Sunday, May 25, 2014

Ukraine SITREP May 25th, 22:52 UTC/Zulu: Coming full circle with some cautious hope?

What was the main demand of the Maidanites?  Oh yes, to expel the a fat corrupt leader.  Now, several months later it sure looks to me that they traded on fat and corrupt leader for another one.  The big difference being that Yahukovich at least did not use force against his own people.  Poroshenko has no such problems.

Ukie oligarchs v2.0
The other difference - of sorts - is, I suppose, that the western corporate media called Yanukovich an oligarch.  Not so Poroshenko.  He is no oligarch.  He is a tycoon.   Same difference, of course, but one designates a bad guy, while the other is spoken with a sense of admiration for the resourcefulness of the latter.

Was there  ballot rigging and/or other irregularities?  Yes, probably.  Does it matter?  No, not at all.  That big money would win the election was inevitable.  That is the case in all so-called democracies, including the US, why should it be different in the Ukraine?

Timoshenko got only 12.8%.  That is actually pretty good news since she clearly has had mental issues every since she was freed from Yanukovich's dungeons.
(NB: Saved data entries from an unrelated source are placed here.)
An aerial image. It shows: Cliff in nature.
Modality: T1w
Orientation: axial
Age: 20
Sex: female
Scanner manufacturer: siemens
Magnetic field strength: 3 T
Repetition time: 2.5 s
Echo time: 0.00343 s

Here are the other preliminary results according to RT:
All other candidates gathered less than 10 percent of votes each, with anti-Russian populist Oleg Lyashko, the head of the Radical Party, running behind with 8 percent, former defense minister Anatoly Gritsenko taking 6.3 percent and expelled Party of Regions MP Sergey Tigipko – 4.7 percent of votes. The candidate picked by the Party of Regions of the ousted Ukrainian President Viktor Yanukovich, Mikhail Dobkin, gathered just 2.1 percent. Some 1.1 percent voted for Ukrainian Communist Party leader, Pyotr Simonenko, despite his recent announcement that he had withdrawn from the elections.  Ultra-right radical nationalists appeared to have completely failed in the elections, with Svoboda (Freedom) Party head Oleg Tyagnibok securing 1.3 percent of votes and Right Sector leader Dmitry Yarosh less than one percent. 
The bad news is that there are 8% of Ukrainians capable of voting for a lunatic like Lyashko.  The good news is that the Party of Regions, the Communist Party, the Freedom Party and the Right sector are all dead in the water with terrible results.
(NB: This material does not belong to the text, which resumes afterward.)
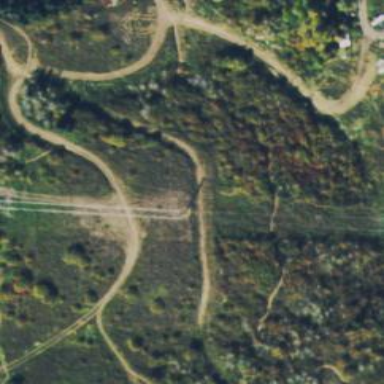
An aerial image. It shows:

For Moscow this is also a case of coming full circle.  Why?  For all the western propaganda Yanukovich was never pro-Russia or a friend of Putin.  Neither will Poroshenko.  Yanukovich was corrupt, so is Poroshenko, both of them will go with the higher bidder.  Yanukovich did not have what it takes to impose his authority over the Maidanites and neo-Nazis, while whether Poroshenko can do better is an open question, at least to me.

So considering the alternatives, I think that even if the election of Poroshenko was a farce in terms of democracy, it is certainly not the worst result.  At least Poroshenko is not a raving lunatic and, in the context of the current situation, this is already a lot.

This is the reason why Moscow, which clearly knew that Poroshenko would purchase this election, said that Russia was willing to work with the new President: because there is some hope that Poroshenko could take a more pragmatic approach.  Whether this hope is realistic is another issue, but what counts at this point in time is simply that Poroshenko is not Timoshenko.  That is good enough, at least at this point in time.

Big money won.  That is certain.  The big question now is whether Poroshenko has what it takes to crack down on the crazies and effectively crush them.  I am not so sure, but I do believe that at least with Poroshenko in power there is some hope, no matter how small, that the AngloZionist will *finally* sit down and seriously negotiate with Russia and the southeast of the Ukraine.

According to the RT article I mentioned above, Poroshenko has declared that "we will have a united and unitary, not federative state.” He also also that a "decisive step will be aimed at ending the war, ending chaos, and bringing peace to a united and free Ukraine. I am certain that our decisive actions will bring fairly quick results. We cannot discuss the seriousness of security in our region without the participation of Russia. We will find the format and definitely will meet Putin." I personally think that these are two mutually exclusive propositions, but my hope is that the first is empty electoral rhetoric while the second is Poroshenko's real objective.  We shall see.

In the meantime, the real big story this week was not in the Ukraine, but in Shanghai were Russia the China has formalized what is clearly a strategic alliance even if they never used that term.  It is deeply ironical that the AngloZionist policy of trying to prevent Russia from becoming a superpower by bringing the Ukraine under the protectorate of the EU and NATO has so greatly contributed into creating the Russia-China alliance, something for more formidable than any rapprochement between Russia and the Ukraine.

I will discuss this tectonic shift in world politics in an upcoming and separate post.